E’ meglio ripetere che siamo “testardamente unitari”, come fa Elly Schlein, o dire con franchezza che il Pd non deve, e non può più, astenersi di fronte alle provocazioni del M5s su Kyiv, sulla Difesa? Con Guerini partiamo dal discorso di Sergio Mattarella, dalla frase “ripugnante chi nega la pace”. Gli chiedo se non sia ripugnante anche chi vuole abbandonare Kyiv, come consiglia il generale Vannacci, e l’ex ministro risponde: “Francamente non do alcun peso a ciò che dice Vannacci. Ringrazio invece, ancora una volta, il presidente Mattarella per le parole chiare a sostegno della pace e della verità. Anche con parole dure: quel ‘ripugnante’ è un giudizio politico e morale non negoziabile”. Il decreto Ucraina è stato approvato. Che decreto è? Dice Guerini: “E’ un decreto che nella sostanza, da quel che ho letto, alla fine conferma gli aiuti militari, con buona pace della Lega. Il balletto dei giorni precedenti la sua approvazione è stato la parodia di una seria discussione politica, ancora più grave perché fatto sulla testa di un popolo aggredito. Mentre la storia chiama alla responsabilità il centrodestra mandava in scena uno spettacolo non esaltante…”.
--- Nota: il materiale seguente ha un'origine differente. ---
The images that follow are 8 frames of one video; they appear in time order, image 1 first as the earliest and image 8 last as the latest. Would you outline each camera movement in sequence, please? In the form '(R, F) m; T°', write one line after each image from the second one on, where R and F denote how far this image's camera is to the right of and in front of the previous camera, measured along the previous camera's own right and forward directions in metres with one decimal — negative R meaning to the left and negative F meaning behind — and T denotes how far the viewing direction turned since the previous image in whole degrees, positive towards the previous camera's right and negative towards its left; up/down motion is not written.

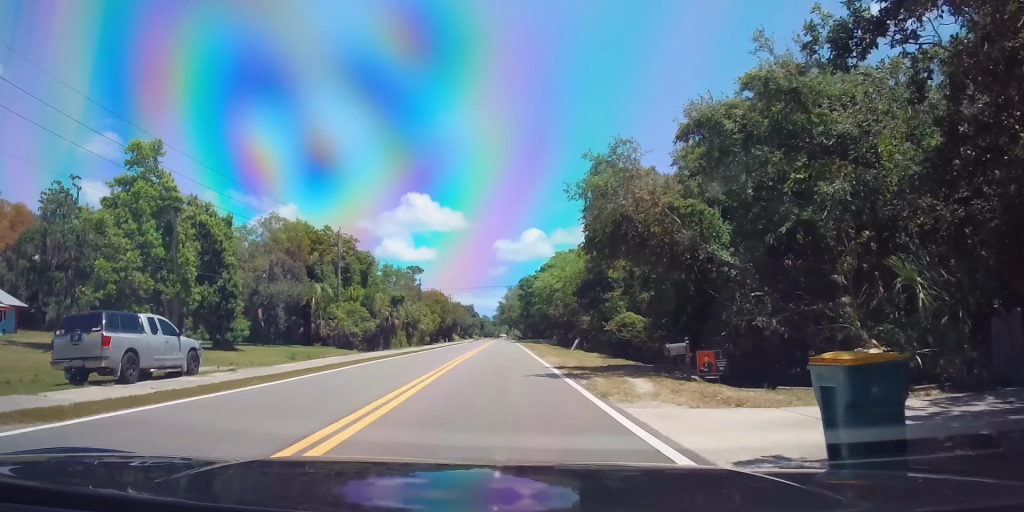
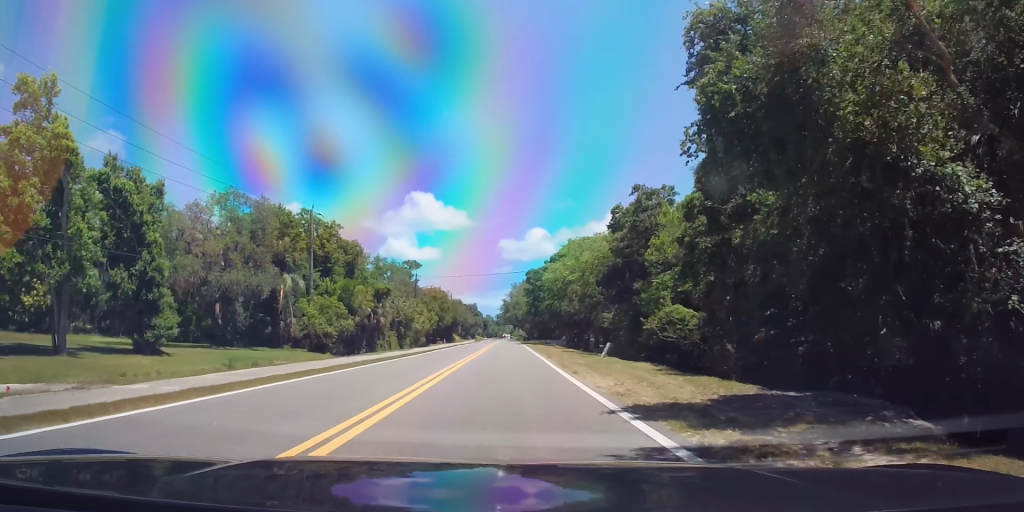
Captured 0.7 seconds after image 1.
(0.0, +12.2) m; +1°
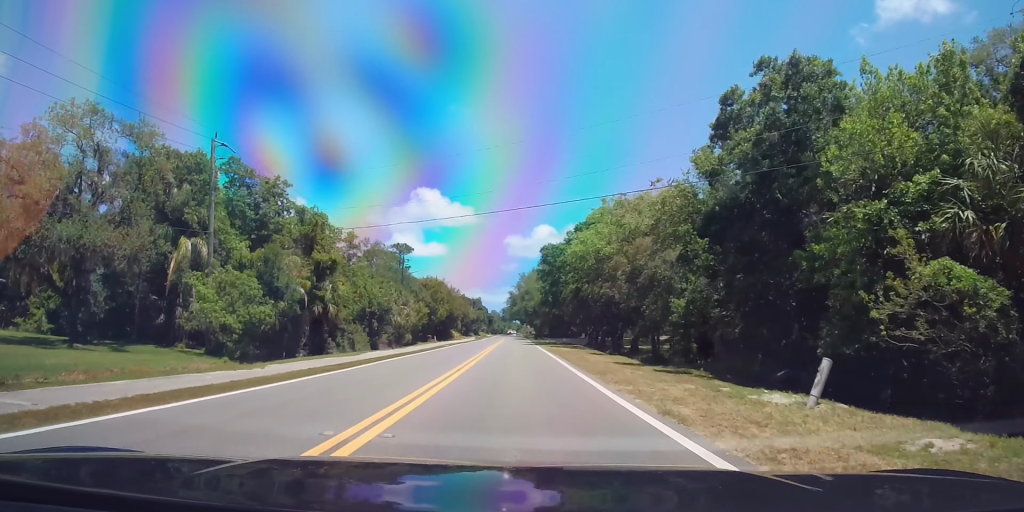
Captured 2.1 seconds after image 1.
(+0.2, +23.2) m; -1°
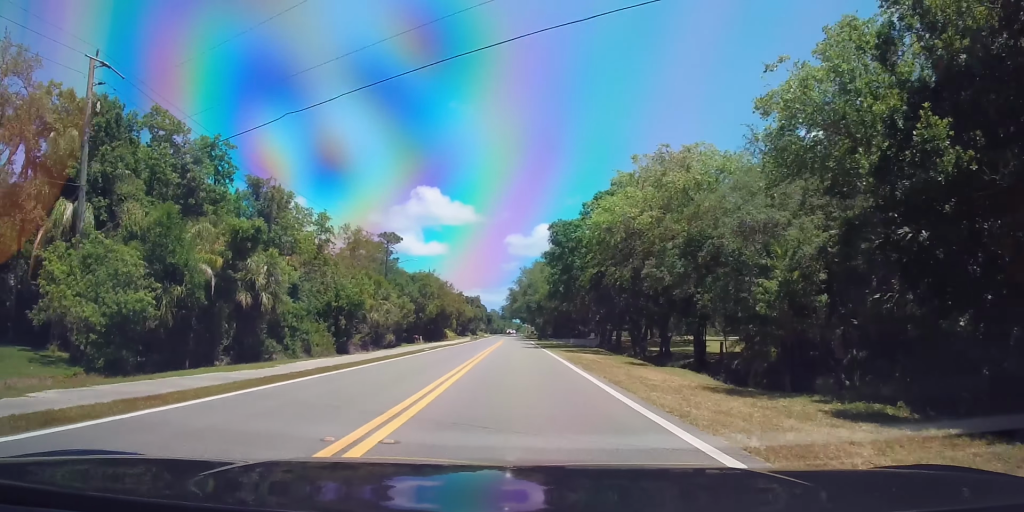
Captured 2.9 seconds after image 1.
(-0.2, +13.0) m; -1°
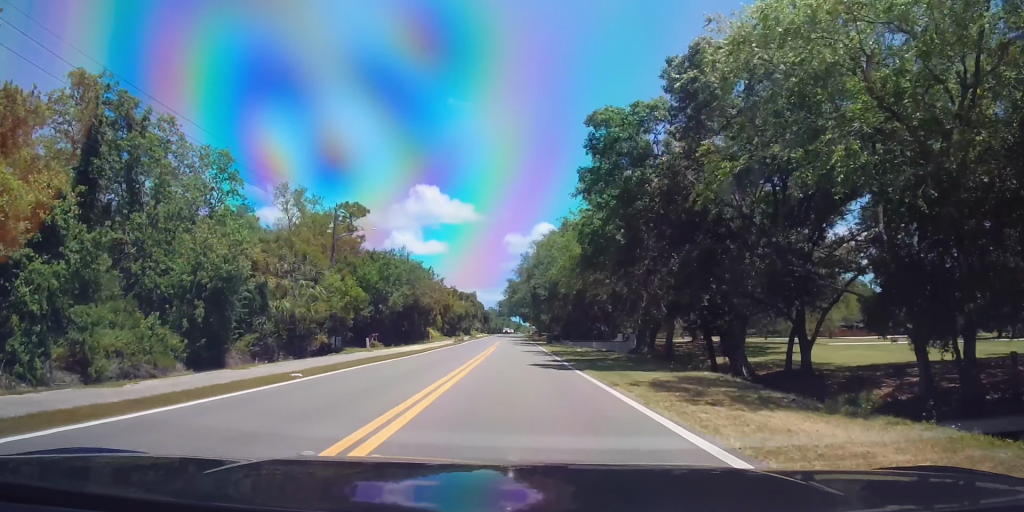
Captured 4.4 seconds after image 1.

Domandiamo cosa accadrà, fra sessanta giorni, quando il decreto dovrà essere convertito in legge. Il M5s voterà “no” insieme a Claudio Borghi? Guerini risponde che “andrebbe chiesto a loro. Non so cosa farà il M5s. So di certo che il Pd voterà a favore della conversione del decreto, nonostante il desolante balletto del centrodestra di queste settimane: il sostegno all’Ucraina è molto più importante delle evidenti divisioni della maggioranza. E aggiungo che inviterei il governo a valutare attentamente la possibilità di accedere al meccanismo del Purl per sostenere l’Ucraina. Vogliamo tutti la pace per gli ucraini e mi auguro che il negoziato possa giungere a un risultato positivo, ma questo non deve comportare alcun indebolimento nel sostegno a Kyiv”. La notte della manovra, del voto finale, il Pd si è astenuto di fronte all’ordine del giorno di Conte. Era un ordine del giorno contro le spese di difesa. Sette deputati del Pd hanno deciso di dire “no” a Conte. Non era meglio dire “no” anziché scegliere l’astensione? Guerini difende la scelta dei sette colleghi e aggiunge: “Ho condiviso pienamente la scelta dei miei colleghi che hanno votato ‘no’. Anche perché, oltre a rappresentare una chiara posizione di merito, è anche il segnale di un metodo che non è accettabile: basta a posizioni il cui unico intento è provare a mettere in difficoltà l’alleato più grande. Credo sia il momento che tutti lo capiscano, se vogliamo vincere le prossime elezioni”.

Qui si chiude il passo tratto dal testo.